In plants, cell-to-cell communication is mediated by plasmodesmata and involves the trafficking of non–cell-autonomous proteins (NCAPs). A component in this pathway, Nicotiana tabacumNON-CELL-AUTONOMOUS PATHWAY PROTEIN1 (NtNCAPP1), was affinity purified and cloned. Protein overlay assays and in vivo studies showed that NtNCAPP1 is located on the endoplasmic reticulum at the cell periphery and displays specificity in its interaction with NCAPs. Deletion of the NtNCAPP1 amino-terminal transmembrane domain produced a dominant-negative mutant that blocked the trafficking of specific NCAPs. Transgenic tobacco plants expressing this mutant form of NtNCAPP1 and plants in which the NtNCAPP1 gene was silenced were compromised in their ability to regulate leaf and floral development. These results support a model in which NCAP delivery to plasmodesmata is both selective and regulated.

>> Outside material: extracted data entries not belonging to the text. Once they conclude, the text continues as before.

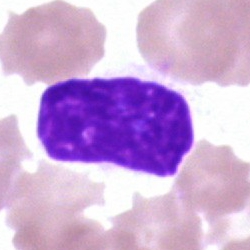

Showing an artifact.
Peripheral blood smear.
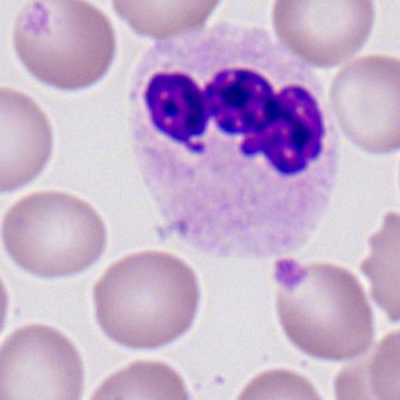 Specimen: peripheral blood film.
Classification: polymorphonuclear neutrophil.
Lineage: myeloid.
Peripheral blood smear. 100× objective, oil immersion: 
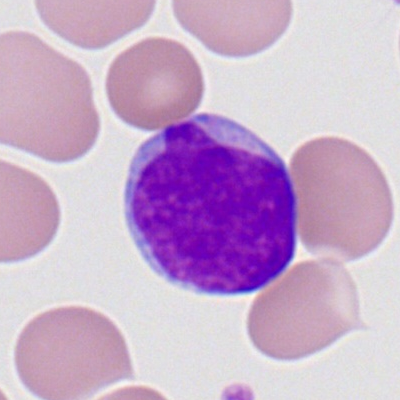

In plants, the trafficking of NCAPs that are involved in the regulation of plant development is thought to occur through plasmodesmata (1–6). However, little information is available concerning the manner in which such NCAPs enter this cell-to-cell translocation pathway (5,6). To identify potential components in this pathway, we used the NCAP CmPP16 (7) as bait for the affinity purification of interaction partners contained within a plasmodesmal-enriched cell wall protein (PECP) fraction (8–10) prepared with tobacco BY-2 cells [fig. S1, A and B (11)]. A resultant highly enriched 40-kD protein was identified (Fig. 1, fig. S1C), cloned, and named NtNCAPP1 (GenBank accession number AF307094; hereafter called NCAPP1) [fig. S2 (11)].

Figure 1

Affinity purification of NtNCAPP1, a component in the plant NCAP translocation pathway. A BY-2 cell PECP fraction was first passed through a glutathione S-transferase (GST)–crosslinked sepharose column, and the flow-through fraction was then loaded onto a GST-CmPP16 affinity column (11). Coomassie blue–stained SDS-PAGE gel shows the profile for the loading (20 μg), flow-through (20 μg), and elution fractions. A major 40-kD protein (dart; ∼2 μg), representing a 107-fold enrichment of NCAPP1, was microsequenced (fig. S2A).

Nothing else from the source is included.